## Directions
Every line of the material below that holds the string "version" should be copied.

## Listed records
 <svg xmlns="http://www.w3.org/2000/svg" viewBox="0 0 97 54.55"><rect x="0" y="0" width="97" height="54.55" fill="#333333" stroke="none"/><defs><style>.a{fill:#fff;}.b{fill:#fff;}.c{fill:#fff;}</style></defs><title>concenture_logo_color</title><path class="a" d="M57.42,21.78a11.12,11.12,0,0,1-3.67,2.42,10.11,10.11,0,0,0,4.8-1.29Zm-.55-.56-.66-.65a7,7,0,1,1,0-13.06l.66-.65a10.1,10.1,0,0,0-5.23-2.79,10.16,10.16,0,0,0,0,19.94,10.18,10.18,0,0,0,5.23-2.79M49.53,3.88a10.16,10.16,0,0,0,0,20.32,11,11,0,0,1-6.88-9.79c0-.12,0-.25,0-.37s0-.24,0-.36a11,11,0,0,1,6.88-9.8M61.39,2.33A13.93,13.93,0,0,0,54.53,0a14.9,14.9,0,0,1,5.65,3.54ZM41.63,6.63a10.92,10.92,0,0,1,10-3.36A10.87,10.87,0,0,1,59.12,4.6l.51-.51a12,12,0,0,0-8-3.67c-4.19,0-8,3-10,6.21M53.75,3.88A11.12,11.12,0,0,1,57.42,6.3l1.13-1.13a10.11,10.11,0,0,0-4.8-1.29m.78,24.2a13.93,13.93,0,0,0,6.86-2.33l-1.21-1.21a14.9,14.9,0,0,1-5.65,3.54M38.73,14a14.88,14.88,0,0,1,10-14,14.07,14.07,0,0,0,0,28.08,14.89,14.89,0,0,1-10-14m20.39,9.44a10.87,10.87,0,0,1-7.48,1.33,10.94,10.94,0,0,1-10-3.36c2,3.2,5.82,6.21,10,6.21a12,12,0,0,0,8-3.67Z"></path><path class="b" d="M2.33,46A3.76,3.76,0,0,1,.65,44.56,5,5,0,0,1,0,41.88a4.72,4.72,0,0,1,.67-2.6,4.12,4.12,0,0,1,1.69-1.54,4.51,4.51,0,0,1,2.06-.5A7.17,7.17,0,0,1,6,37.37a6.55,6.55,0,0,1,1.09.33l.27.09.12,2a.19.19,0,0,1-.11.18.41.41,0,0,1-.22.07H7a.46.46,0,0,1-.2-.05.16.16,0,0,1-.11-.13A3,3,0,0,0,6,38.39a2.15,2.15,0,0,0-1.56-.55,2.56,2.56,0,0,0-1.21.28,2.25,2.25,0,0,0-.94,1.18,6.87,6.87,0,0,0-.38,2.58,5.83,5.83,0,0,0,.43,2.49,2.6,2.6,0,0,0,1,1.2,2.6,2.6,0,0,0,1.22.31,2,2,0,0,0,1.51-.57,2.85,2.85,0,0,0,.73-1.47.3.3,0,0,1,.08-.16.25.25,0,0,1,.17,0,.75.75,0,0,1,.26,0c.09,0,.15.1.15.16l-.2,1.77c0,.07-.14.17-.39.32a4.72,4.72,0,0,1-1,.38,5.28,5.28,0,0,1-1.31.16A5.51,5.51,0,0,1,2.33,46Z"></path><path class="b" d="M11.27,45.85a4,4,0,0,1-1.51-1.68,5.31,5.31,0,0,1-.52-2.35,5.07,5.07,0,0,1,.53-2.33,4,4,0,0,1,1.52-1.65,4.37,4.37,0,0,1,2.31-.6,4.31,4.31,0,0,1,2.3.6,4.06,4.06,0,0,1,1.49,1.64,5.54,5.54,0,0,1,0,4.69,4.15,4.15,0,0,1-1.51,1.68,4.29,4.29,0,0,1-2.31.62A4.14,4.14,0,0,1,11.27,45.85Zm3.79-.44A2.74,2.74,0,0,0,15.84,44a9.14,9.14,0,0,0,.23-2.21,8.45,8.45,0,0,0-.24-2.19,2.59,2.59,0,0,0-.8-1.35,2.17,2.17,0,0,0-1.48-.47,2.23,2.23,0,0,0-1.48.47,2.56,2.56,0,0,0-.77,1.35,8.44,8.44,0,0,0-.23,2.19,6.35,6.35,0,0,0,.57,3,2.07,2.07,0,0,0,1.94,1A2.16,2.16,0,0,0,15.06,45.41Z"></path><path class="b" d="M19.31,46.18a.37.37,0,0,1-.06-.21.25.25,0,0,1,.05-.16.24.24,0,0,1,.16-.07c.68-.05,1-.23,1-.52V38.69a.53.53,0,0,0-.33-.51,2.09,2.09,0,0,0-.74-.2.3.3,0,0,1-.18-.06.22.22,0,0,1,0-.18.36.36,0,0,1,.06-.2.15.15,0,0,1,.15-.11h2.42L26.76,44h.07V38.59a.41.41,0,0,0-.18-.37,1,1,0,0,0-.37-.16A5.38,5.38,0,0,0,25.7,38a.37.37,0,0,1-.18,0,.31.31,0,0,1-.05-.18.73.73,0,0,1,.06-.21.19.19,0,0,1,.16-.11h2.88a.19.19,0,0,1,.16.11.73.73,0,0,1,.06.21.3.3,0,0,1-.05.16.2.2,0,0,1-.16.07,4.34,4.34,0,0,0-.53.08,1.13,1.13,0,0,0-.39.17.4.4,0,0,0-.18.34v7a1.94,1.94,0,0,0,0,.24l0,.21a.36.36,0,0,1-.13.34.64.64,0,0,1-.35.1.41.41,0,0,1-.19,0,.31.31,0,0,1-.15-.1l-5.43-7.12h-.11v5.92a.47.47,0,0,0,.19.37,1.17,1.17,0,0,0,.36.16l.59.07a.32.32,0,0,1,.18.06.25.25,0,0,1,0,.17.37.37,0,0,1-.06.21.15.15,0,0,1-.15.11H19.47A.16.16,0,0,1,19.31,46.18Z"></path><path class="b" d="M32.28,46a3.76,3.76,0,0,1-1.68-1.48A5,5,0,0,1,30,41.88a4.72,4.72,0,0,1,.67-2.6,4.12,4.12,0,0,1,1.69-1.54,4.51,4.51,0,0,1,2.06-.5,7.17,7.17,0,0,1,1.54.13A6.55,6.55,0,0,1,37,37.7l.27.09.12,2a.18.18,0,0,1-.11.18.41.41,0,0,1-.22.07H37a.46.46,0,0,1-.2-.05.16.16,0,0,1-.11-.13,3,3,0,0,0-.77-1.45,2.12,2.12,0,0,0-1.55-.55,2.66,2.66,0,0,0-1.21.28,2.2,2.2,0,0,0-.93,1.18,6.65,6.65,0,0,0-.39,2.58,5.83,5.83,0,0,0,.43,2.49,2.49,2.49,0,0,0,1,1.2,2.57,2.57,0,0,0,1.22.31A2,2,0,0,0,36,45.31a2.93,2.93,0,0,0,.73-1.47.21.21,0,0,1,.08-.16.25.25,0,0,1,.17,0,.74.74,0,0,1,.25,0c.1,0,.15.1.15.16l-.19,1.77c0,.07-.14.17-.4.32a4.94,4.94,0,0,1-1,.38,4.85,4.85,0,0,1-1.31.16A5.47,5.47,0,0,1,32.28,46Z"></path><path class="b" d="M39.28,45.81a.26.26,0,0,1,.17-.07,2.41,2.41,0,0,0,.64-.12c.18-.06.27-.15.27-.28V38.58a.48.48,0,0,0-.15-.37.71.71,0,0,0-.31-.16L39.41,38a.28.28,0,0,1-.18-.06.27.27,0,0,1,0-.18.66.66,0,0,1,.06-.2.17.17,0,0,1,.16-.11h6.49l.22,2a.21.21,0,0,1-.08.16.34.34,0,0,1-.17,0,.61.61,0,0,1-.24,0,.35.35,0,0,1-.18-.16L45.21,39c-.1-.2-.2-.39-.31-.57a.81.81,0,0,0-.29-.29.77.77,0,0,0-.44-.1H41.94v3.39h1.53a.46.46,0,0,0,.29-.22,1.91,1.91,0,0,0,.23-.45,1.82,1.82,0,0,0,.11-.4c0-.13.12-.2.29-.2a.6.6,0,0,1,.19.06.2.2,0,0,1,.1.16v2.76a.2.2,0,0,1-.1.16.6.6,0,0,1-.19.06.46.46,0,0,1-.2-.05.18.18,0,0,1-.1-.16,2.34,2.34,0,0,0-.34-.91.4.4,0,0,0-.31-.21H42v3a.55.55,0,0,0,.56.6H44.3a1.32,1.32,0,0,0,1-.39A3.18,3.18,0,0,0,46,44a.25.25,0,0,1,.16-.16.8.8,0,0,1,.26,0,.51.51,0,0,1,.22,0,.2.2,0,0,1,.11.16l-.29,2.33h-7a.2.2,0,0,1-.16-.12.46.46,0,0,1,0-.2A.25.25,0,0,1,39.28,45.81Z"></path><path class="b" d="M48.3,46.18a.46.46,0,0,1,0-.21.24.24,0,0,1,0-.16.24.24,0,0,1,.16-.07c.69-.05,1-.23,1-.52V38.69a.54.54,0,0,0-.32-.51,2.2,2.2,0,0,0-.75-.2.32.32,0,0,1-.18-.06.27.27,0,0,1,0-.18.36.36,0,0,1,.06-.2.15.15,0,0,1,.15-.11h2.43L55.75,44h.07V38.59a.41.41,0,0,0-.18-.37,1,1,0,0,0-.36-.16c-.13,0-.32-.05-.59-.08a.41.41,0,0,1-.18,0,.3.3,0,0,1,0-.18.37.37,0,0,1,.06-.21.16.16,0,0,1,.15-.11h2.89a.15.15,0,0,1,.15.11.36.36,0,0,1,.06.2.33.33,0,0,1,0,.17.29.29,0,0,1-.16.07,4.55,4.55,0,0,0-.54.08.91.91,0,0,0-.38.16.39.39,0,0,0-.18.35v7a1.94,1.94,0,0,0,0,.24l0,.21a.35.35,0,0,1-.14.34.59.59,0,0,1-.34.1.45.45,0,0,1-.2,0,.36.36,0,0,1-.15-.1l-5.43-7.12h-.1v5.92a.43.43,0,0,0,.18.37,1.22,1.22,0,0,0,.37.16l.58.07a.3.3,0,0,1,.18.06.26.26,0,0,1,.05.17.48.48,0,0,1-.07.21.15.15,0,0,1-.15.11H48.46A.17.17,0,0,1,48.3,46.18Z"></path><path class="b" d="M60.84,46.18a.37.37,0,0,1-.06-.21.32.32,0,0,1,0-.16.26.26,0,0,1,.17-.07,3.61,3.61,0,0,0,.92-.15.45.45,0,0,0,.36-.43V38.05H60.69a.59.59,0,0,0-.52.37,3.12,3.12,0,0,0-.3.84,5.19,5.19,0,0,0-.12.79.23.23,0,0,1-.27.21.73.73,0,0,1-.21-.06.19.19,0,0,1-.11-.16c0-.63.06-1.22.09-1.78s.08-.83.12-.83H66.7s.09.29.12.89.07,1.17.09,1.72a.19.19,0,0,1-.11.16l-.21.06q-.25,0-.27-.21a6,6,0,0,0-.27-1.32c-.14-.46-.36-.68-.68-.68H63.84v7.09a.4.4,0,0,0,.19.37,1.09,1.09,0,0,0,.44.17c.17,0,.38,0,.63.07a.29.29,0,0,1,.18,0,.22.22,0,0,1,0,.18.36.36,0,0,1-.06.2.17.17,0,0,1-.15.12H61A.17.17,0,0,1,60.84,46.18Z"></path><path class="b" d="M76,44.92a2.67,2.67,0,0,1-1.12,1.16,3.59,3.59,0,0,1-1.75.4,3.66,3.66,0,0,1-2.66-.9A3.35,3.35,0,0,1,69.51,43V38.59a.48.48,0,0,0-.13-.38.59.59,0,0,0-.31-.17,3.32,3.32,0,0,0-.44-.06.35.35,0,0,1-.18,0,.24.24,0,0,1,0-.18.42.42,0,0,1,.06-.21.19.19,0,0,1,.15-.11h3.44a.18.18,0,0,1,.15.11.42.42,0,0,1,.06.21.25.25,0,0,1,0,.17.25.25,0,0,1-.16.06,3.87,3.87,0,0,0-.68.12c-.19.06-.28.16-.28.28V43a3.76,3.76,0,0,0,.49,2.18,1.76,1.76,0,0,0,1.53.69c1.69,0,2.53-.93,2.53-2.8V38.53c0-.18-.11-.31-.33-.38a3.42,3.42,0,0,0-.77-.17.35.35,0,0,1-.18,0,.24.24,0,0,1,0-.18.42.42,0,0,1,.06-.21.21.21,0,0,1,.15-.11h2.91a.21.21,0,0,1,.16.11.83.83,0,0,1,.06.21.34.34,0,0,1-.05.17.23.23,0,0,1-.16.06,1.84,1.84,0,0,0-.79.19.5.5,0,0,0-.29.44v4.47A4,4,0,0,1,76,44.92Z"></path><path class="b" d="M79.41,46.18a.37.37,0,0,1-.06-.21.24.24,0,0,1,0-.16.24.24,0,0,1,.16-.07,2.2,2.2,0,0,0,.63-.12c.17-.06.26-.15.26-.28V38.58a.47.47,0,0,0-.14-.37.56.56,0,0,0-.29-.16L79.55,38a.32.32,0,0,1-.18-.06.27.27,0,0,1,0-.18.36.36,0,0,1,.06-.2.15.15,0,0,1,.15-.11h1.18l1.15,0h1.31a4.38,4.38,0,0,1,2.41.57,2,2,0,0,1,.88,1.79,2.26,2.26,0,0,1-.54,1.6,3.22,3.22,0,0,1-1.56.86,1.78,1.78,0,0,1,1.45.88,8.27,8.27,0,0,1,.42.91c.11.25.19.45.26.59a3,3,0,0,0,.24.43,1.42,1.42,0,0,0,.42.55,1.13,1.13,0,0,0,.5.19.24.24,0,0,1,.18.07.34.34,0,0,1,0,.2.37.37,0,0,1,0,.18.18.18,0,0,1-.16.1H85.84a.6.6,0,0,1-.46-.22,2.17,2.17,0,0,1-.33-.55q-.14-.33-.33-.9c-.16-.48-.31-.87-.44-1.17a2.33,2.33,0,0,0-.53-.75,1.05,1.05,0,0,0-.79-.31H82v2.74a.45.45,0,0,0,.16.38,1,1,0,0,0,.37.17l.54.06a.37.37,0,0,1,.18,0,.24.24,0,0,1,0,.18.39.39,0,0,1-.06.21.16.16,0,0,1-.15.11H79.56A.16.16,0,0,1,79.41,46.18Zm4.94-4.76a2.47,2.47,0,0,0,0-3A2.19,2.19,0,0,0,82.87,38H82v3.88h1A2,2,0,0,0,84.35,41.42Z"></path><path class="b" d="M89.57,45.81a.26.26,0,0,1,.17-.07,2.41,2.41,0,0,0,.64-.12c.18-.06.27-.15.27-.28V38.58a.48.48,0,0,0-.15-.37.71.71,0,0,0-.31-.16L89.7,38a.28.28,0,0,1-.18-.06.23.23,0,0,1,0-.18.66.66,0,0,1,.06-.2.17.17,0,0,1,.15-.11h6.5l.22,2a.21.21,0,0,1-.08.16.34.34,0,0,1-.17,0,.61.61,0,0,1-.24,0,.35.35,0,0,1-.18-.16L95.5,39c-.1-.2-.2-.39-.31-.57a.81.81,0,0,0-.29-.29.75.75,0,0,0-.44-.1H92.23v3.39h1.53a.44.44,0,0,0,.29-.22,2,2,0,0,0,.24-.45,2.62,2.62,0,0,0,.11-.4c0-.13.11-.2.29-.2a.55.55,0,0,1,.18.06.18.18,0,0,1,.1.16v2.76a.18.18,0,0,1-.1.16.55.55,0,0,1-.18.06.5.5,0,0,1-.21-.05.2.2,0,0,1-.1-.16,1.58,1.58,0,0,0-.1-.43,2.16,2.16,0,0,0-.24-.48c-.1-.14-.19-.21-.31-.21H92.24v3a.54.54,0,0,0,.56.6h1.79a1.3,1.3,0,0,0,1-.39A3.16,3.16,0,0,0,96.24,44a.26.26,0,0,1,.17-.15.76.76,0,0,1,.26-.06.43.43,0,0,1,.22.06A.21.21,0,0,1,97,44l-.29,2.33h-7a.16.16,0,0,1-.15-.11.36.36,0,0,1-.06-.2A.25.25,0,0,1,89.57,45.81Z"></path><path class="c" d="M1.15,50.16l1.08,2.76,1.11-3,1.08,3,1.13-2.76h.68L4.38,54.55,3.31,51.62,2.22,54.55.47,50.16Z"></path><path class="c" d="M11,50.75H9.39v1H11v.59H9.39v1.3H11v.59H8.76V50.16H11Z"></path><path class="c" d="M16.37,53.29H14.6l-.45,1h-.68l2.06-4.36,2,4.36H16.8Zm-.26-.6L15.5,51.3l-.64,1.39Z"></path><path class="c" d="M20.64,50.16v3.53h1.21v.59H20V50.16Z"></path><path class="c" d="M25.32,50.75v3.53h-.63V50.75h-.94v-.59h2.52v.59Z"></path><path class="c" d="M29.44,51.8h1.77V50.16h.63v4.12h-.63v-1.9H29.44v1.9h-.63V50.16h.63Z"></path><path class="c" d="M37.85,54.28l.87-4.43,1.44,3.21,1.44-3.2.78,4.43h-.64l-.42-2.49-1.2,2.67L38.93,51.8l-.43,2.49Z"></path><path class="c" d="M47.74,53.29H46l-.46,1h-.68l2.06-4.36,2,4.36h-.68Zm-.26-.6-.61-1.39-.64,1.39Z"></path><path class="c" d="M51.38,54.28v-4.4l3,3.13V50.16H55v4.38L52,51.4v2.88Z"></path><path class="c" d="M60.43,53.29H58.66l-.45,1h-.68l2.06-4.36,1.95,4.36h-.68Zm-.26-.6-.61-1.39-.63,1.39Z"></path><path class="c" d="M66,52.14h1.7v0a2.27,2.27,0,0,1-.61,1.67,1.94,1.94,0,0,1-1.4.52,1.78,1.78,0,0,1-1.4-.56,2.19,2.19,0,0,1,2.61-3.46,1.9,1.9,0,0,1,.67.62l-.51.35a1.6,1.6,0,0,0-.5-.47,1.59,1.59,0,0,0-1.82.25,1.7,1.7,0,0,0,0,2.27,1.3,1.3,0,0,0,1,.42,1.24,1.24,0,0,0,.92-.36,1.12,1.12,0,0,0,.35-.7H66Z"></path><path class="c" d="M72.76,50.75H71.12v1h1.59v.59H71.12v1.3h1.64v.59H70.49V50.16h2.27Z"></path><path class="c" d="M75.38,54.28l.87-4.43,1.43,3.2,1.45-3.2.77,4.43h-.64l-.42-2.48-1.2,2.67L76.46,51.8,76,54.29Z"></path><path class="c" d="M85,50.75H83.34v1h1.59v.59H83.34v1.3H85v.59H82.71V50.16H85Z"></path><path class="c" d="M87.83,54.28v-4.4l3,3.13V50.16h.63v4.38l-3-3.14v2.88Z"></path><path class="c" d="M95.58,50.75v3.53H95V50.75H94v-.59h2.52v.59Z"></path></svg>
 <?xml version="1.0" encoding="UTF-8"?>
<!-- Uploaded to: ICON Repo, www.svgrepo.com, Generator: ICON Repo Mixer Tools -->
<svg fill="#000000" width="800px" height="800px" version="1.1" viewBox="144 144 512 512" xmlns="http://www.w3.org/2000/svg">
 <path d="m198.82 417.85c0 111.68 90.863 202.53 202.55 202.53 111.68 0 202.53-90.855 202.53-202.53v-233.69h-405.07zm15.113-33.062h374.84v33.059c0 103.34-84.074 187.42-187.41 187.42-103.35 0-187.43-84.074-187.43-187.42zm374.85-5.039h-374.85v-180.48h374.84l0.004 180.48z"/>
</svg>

## Finished exercise
 <?xml version="1.0" encoding="UTF-8"?>
<svg fill="#000000" width="800px" height="800px" version="1.1" viewBox="144 144 512 512" xmlns="http://www.w3.org/2000/svg">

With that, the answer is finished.